If you often read my articles then you know I almost always write what I think!
I therefore risk once again to attract the wrath of super conventional readers!
The end-of-year celebrations are an opportunity to meet many people and see family and friends again. But it’s also, with some people, a time of tension… Innuendos or very direct advice and recommendations are things that always offend me in conversations. Personally, I prefer people who speak clearly to those who use words with hidden meaning! At least that allows me to answer clearly too!
But there is something else that I must admit: I can’t stand people who talk about subjects they don’t know about or activities they’ve never done!
If you’re talking about something you don’t know then you’re not in present time! You are just extrapolating! You just talk about your fantasies! If some parents are disappointed with parenthood, it’s because they’ve been living in the fantasy of the baby to come! Every time someone advises you on something he doesn’t know, it’s an extrapolation! And a waste of your time!
It’s funny, since 1999, the year I started to practice in relational communication, I noticed this, in my surroundings: It’s always people who have very thin, shabby hair, or who are bald who tell you how to take care of your hair! Laughs. It is people who are very greedy and overweight who explain to you how to eat a balanced diet! It’s the single women or the spinsters who would like to explain to you how a couple or a romantic story works, or who say they know men better than you… And worst of all: it’s the people without children who would like to explain to you how to raise yours! That is crazy!
To answer these people I have one question, only one: “Seriously? And when was your last practical exercise?” Suffice to say that this puts an end to the controversy in 90% of cases! But in 10% of cases, the person answers: “It’s not because I don’t have children that I don’t know how to raise them!” This is gross nonsense of course! Why ? because there is confusion between “raising” and “framing”. Some childless people think that to have obedient and fulfilled children it is enough to trust them and to frame them. In reality education is not 5 minutes of framing or reframing, it is 20 years of that! This therefore requires having at your disposal more than one way of doing things!
My friend Betty is a little rough around the edges. She is a woman who, by dint of living only with her horses, has become a little boorish and vulgar. When children from her village come to pet her horses, she comes out and yells at them: “What the hell are you, kids, doing?” The children are very afraid of her so they run away! And Betty deduces that she “knows how to frame and manage children very well”! So she thinks about adoption… OMG! When she comes to my house and my 6-year-old son cries or throws a tantrum, she says to him nastily in a loud voice: “Well, what’s this circus!” then turning to me: “You see, that’s how you have to talk to kids!” She seems absolutely unaware that if her scary schemes work it’s precisely because they aren’t HER children!
One of my acquaintances, who has no lovers nor children and who has never worked, recently wanted to advise me on the studies of my eldest! She was flabbergasted that I did not plan to let him go, at 17, to study at the other end of the country. I told her that he lacked too much autonomy at the moment and that since he was often sick, I still had to take care of him a lot. I added that he will be going away to study in a few years, after passing his university degree. But she kept saying it was me who had a problem! What’s really funny is that this friend is 50 years old and she is still dependent on her father’s money! She is unable to pay her rent but she would find it absolutely normal that my 17 year old son could do that!
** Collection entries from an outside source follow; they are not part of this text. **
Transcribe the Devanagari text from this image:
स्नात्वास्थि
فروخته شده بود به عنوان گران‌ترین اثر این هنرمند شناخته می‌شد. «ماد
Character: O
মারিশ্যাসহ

Another acquaintance of mine, a distant cousin, has been single since she was 20. She is now over 50. She has never had children, by choice. Yet she also tells me what to do with my eldest son! She has many ideas which, of course, are completely inapplicable once taken out of her imagination…
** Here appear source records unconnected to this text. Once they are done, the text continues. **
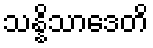
သန္နိသာဒေတိ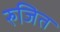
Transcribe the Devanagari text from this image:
रुजित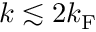
k \lesssim 2 k _ { \mathrm { F } }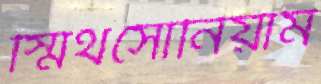
স্মিথসোনিয়াম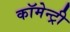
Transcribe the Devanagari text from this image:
कॉमेन्ट्री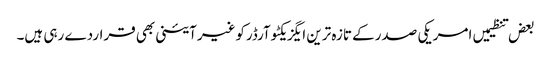
بعض تنظیمیں امریکی صدرکے تازہ ترین ایگزیکٹوآرڈرکوغیرآئینی بھی قراردے رہی ہیں۔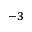
^ { - 3 }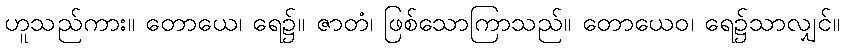
ဟူသည်ကား။ တောယေ၊ ရေ၌။ ဇာတံ၊ ဖြစ်သောကြာသည်။ တောယေဝ၊ ရေ၌သာလျှင်။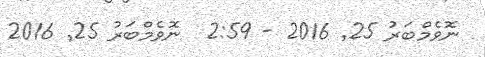
ނޮވެމްބަރު 25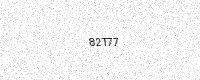
Text: 82T77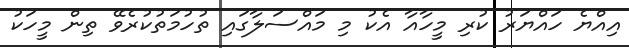
އިއްޔެ ހައްޔަރު ކުރި މީހާއާ އެކު މި މައްސަލާގައި ތުހުމަތުކުރެވޭ ތިން މީހަކު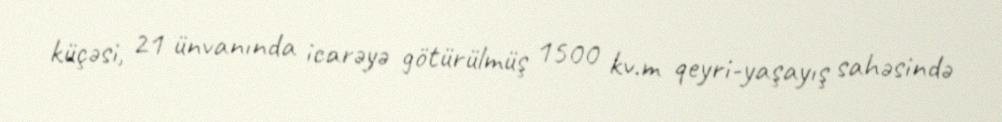
küçəsi, 21 ünvanında icarəyə götürülmüş 1500 kv.m qeyri-yaşayış sahəsində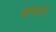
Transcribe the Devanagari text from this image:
ढगात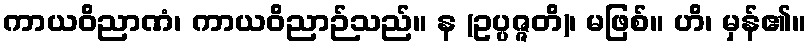
ကာယဝိညာဏံ၊ ကာယဝိညာဉ်သည်။ န (ဥပ္ပဇ္ဇတိ)၊ မဖြစ်။ ဟိ၊ မှန်၏။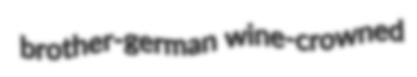
brother-german wine-crowned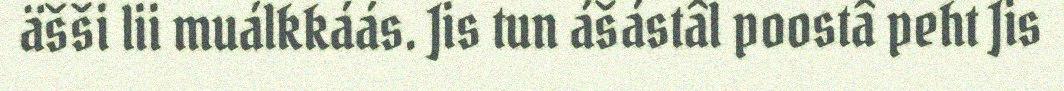
äšši lii muálkkáás. Jis tun ášástâl poostâ peht Jis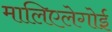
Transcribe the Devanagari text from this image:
मालिएलेगोई

There is worse than that! Some schoolmistresses are in their sixties, single without children, and do not really know the vagaries of family life! They know how to teach a child to read, write and count and how to motivate him, yet some conversations prove that they have absolutely no idea what a busy family life with two children is like!
In fact, people who want to advise you on raising your children when they don’t have any have a very limited blueprint of family life in their heads. They remember how they were brought up by their parents and that is their only reference. It is a reference that they try to apply to you, it or its reverse, depending on the relationship they have maintained with their parents.
They also judge the way you educate your children over a few hours, two to three times a year. They don’t live with you and don’t understand that when guests are at home, you are not in the role of educator!
It is absolutely necessary to reframe people who give you advice about an area they do not know!
I suck at math! I would therefore have no idea to give advice about that! In the same way people who do not have children should abstain from giving advice to parents who have raised two, three or four children! It is a matter of common sense!
The best thing is to reframe these people. If they tell you “I am appalled at the way you raise your children”, you must answer them: “I am appalled that a person who does not have children dares to give his opinion on the subject”. End. Cropping is the golden rule. Only you know how to educate your children, with a little common sense and empathy, respecting the rules of politeness, hygiene etc.
For those who write to me about this problem, I hope that 2023 brings you the strength and the courage to reframe the people who disrespect you and who, at the same time, dispossess you of your role as parents!